Menggunakan katalis aktif dan elektroda, air dipecah menjadi hidrogen dan oksigen dalam serangkaian reaksi kimia. Hidrogen menjadi pembawa energi dan dapat disimpan untuk digunakan nanti dalam sel bahan bakar. Untuk mengubah energi yang tersimpan dalam hidrogen kembali menjadi listrik, reaksi dibalik. Satu-satunya produk sampingan dari reaksi ini adalah air.

“Jika kita bisa mendapatkan dan menyimpan hidrogen secara berkelanjutan, pada dasarnya kita dapat menggemparkan ekonomi kita menggunakan energi terbarukan seperti angin, ombak, atau matahari,” kata Rao.

Rao telah merinci setiap reaksi mendasar yang terjadi dalam proses ini. Selain berfokus pada antarmuka elektroda-elektrolit yang terlibat, dia mengembangkan katalis generasi berikutnya untuk mendorong reaksi ini.

“Pekerjaan ini berada di ambang pemahaman mendasar tentang situs aktif yang mengkatalisasi pemisahan air untuk bahan bakar berbasis hidrogen dari matahari dan angin untuk mendekarbonisasi transportasi dan industri,” tambah Shao-Horn.

Mengamankan masa depan yang berkelanjutan

Sementara beralih dari jaringan yang ditenagai terutama oleh bahan bakar fosil ke jaringan yang ditenagai oleh energi terbarukan tampak seperti tugas yang sangat berat, ada perkembangan yang menjanjikan dalam dekade terakhir. Sebuah laporan yang dirilis sebelum KTT Aksi Iklim Global PBB pada bulan September menunjukkan bahwa, berkat investasi $2,6 triliun, konversi energi terbarukan telah meningkat empat kali lipat sejak 2010.
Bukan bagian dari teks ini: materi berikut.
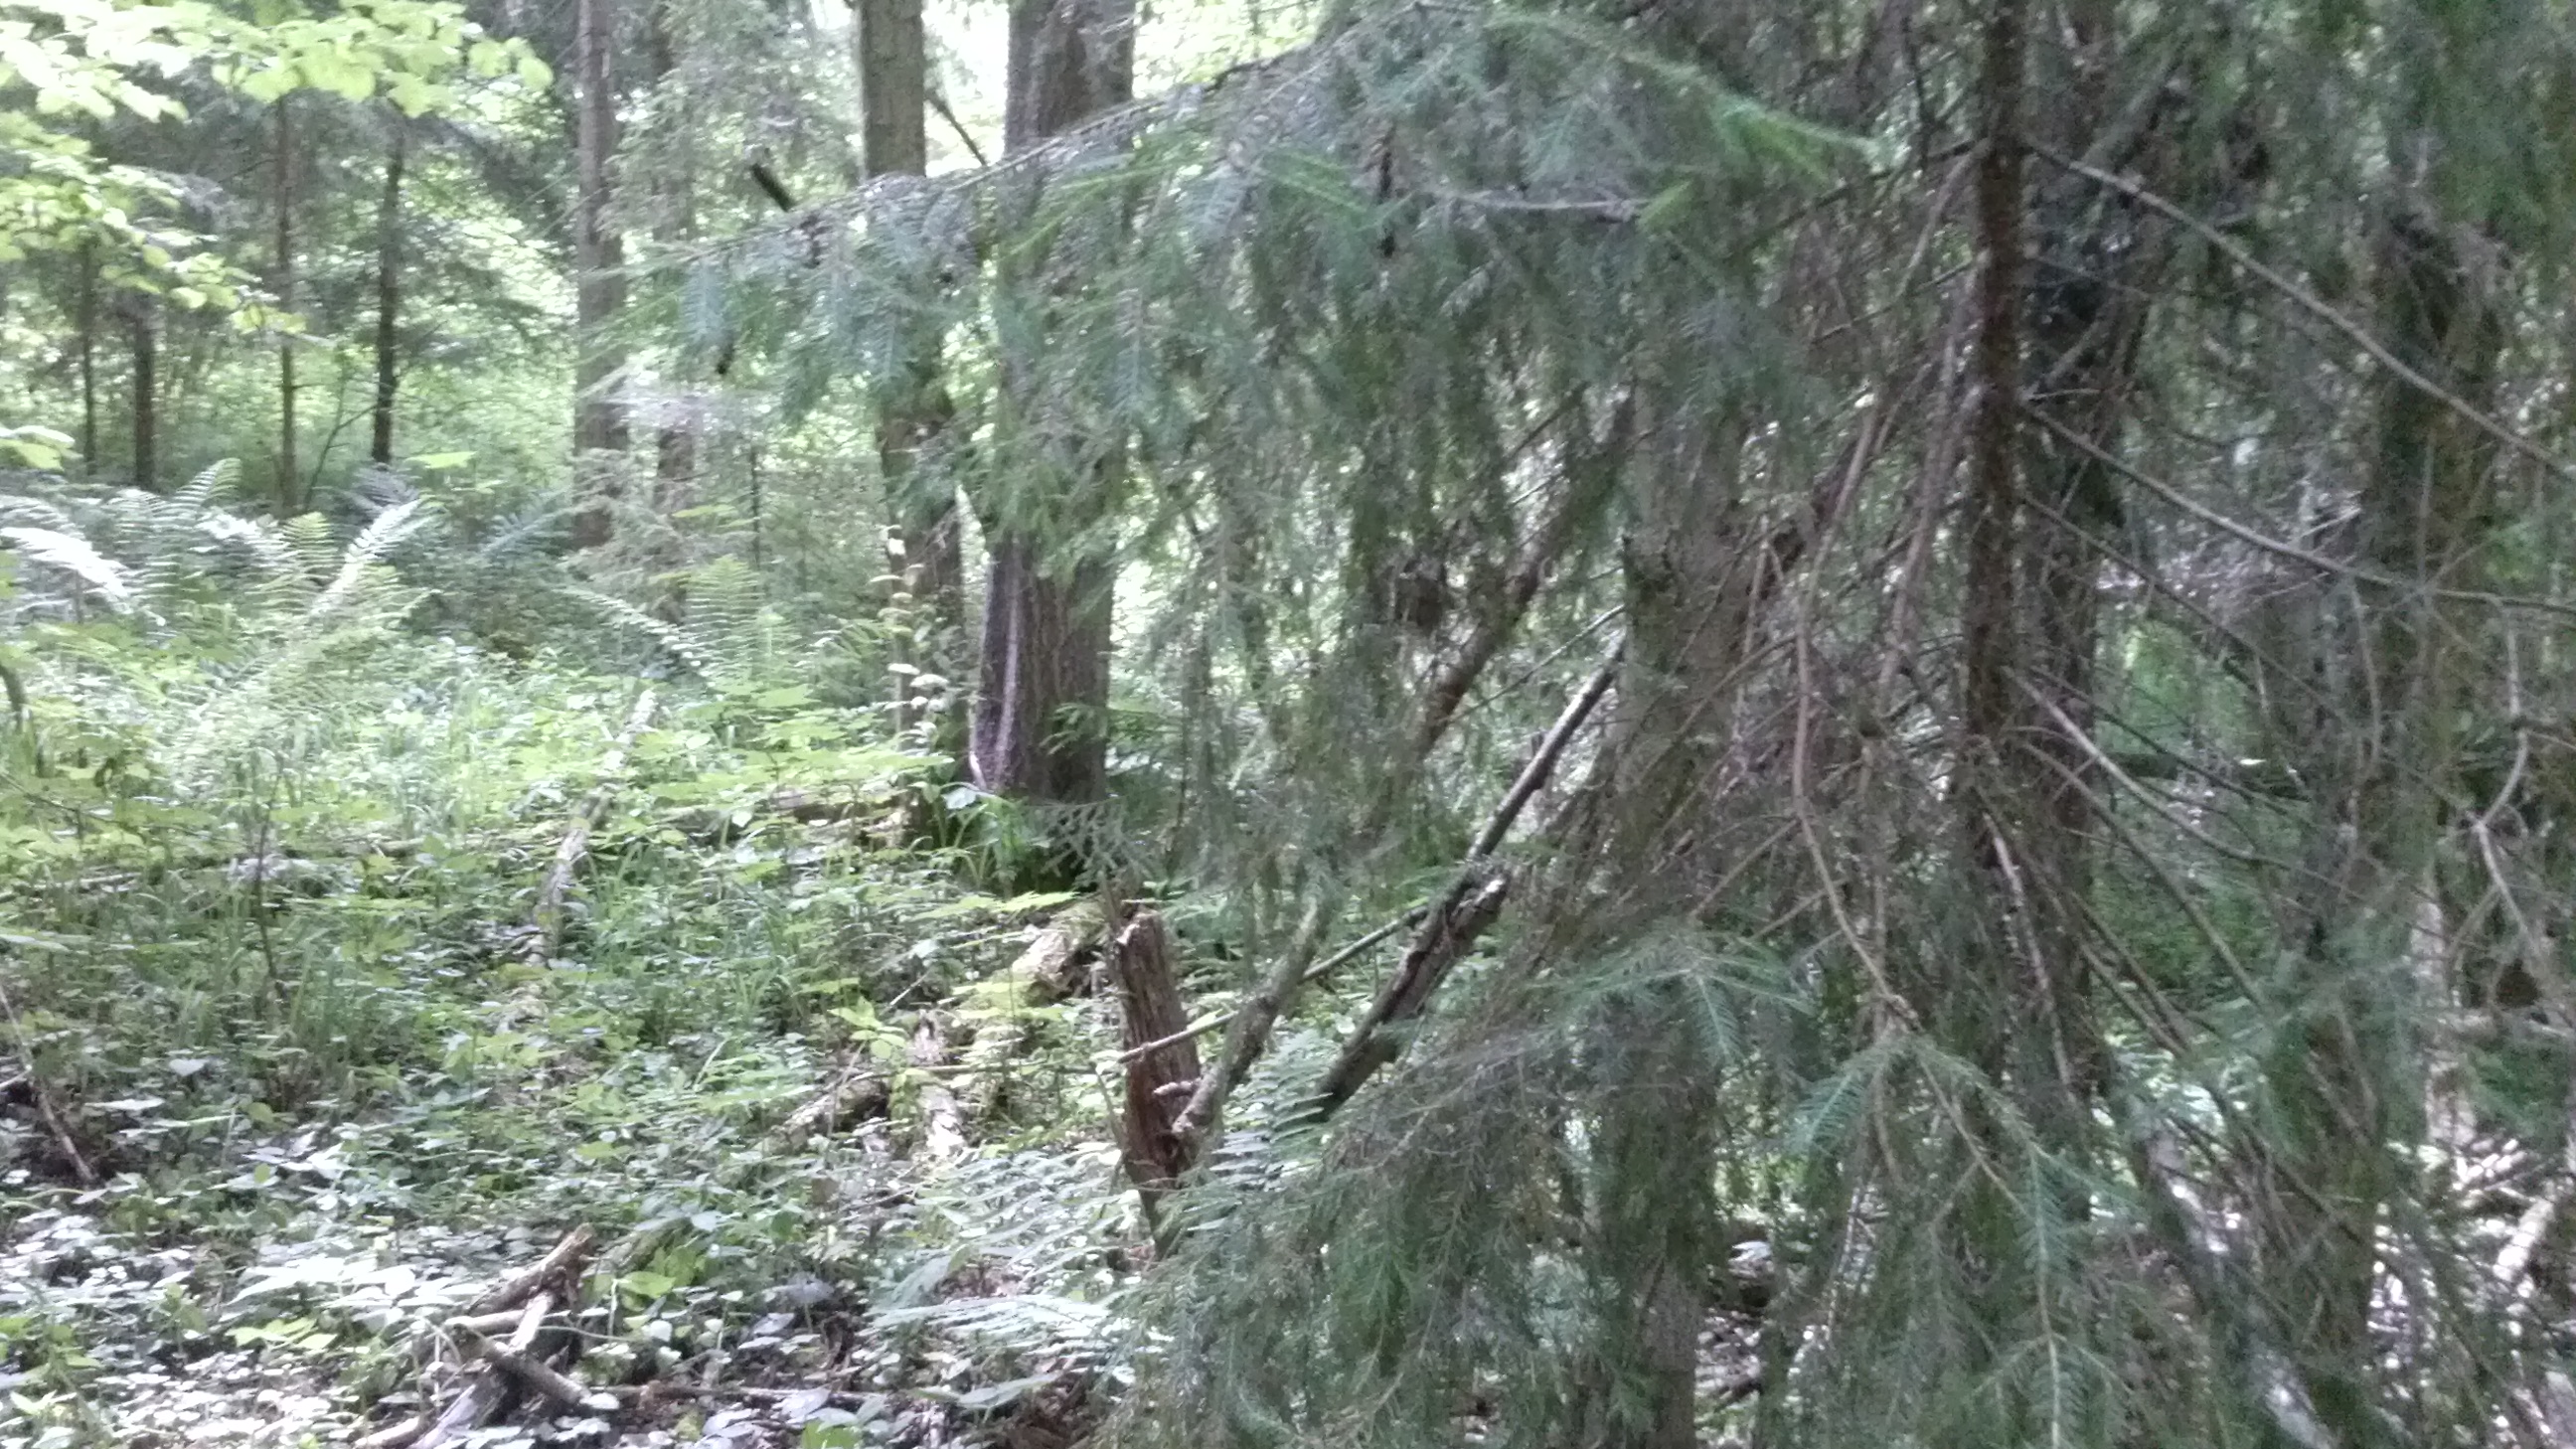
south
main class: Woodland
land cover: Spruce dominated mixed woodland
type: hemiboreal forest and nemoral coniferous forest and mixed broadleaved-coniferous forest
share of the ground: > 75 %
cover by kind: coniferous forest trees 55 %, broadleaved forest trees 30 %, herbaceous plants 10 %, shrubs 5 %
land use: Forestry
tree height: > 5 m
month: June
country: LV
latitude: 56.5784
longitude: 27.7524
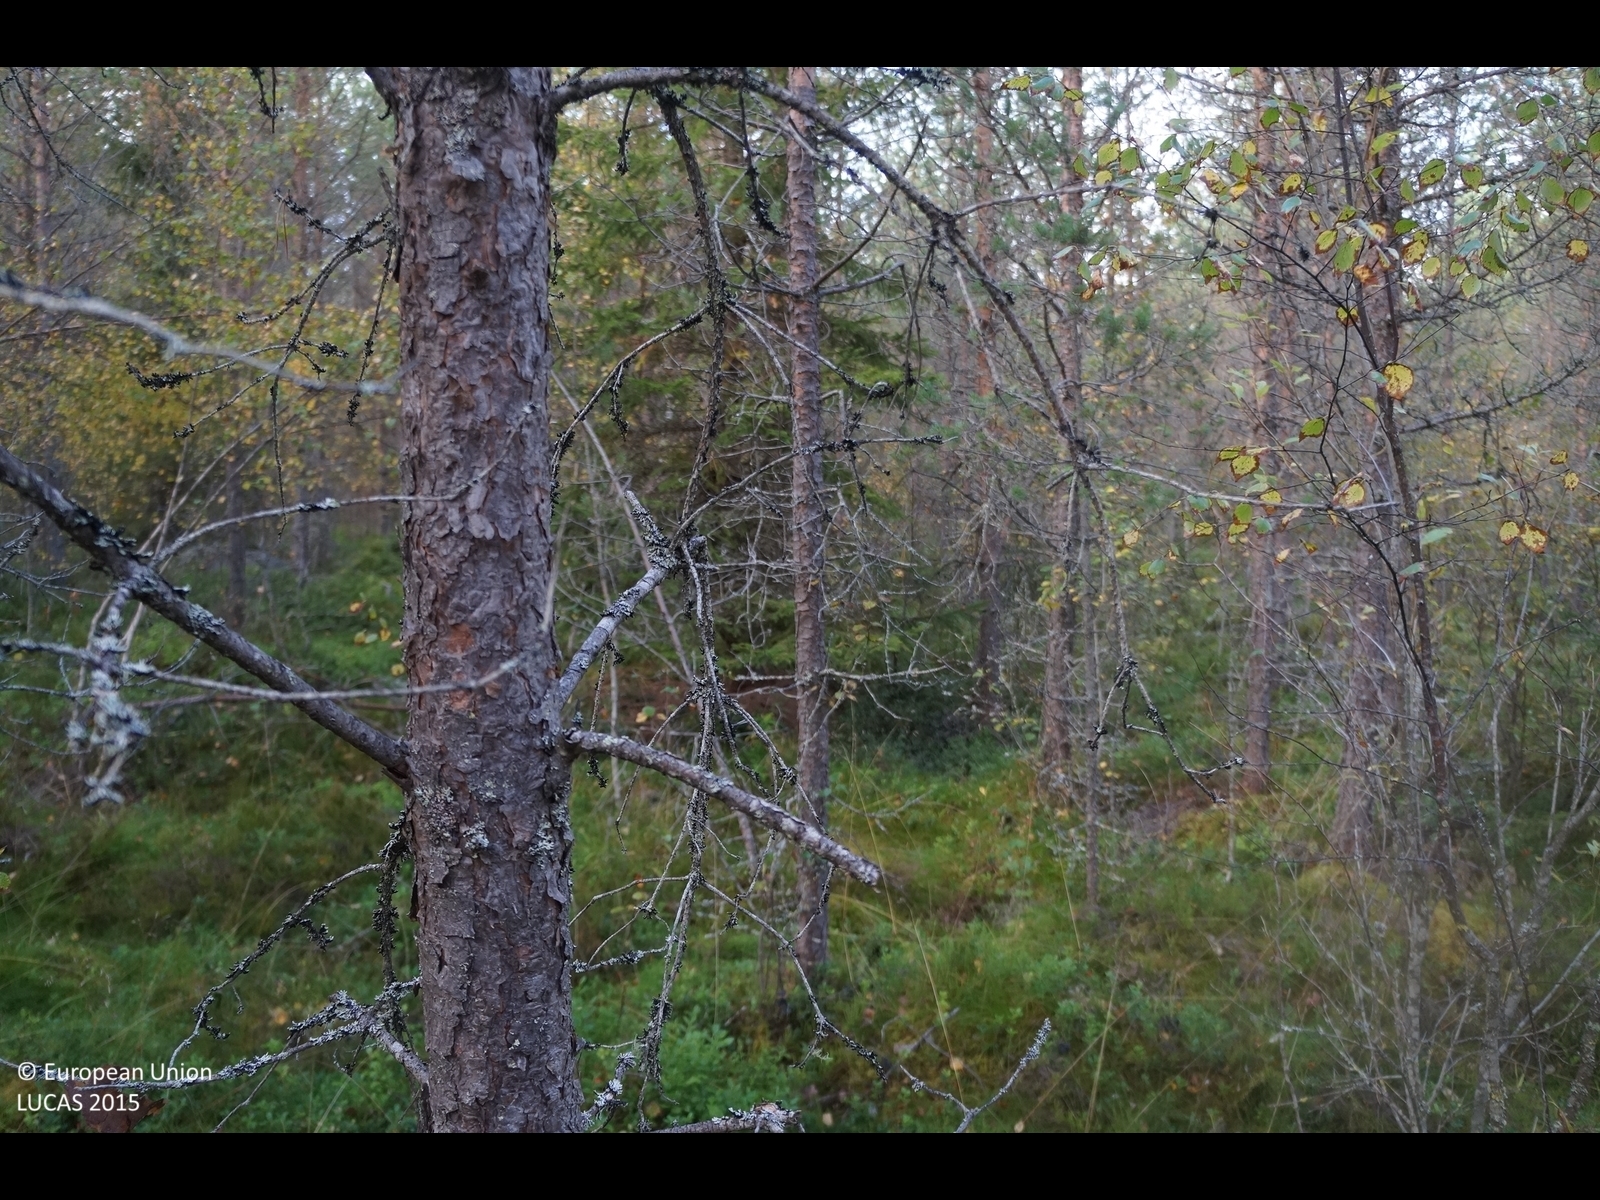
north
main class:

Dalam sebuah pernyataan setelah rilis laporan tersebut, Inger Andersen, direktur eksekutif Program Lingkungan PBB, menekankan korelasi antara berinvestasi dalam energi terbarukan dan mengamankan masa depan yang berkelanjutan bagi umat manusia. “Jelas bahwa kita perlu mempercepat langkah peralihan global ke energi terbarukan jika kita ingin memenuhi tujuan iklim dan pembangunan internasional,” kata Andersen.

Tidak ada teknologi konversi atau penyimpanan tunggal yang akan bertanggung jawab atas peralihan dari bahan bakar fosil ke energi terbarukan. Ini akan membutuhkan permadani solusi pelengkap dari para peneliti baik di sini di MIT dan di seluruh dunia.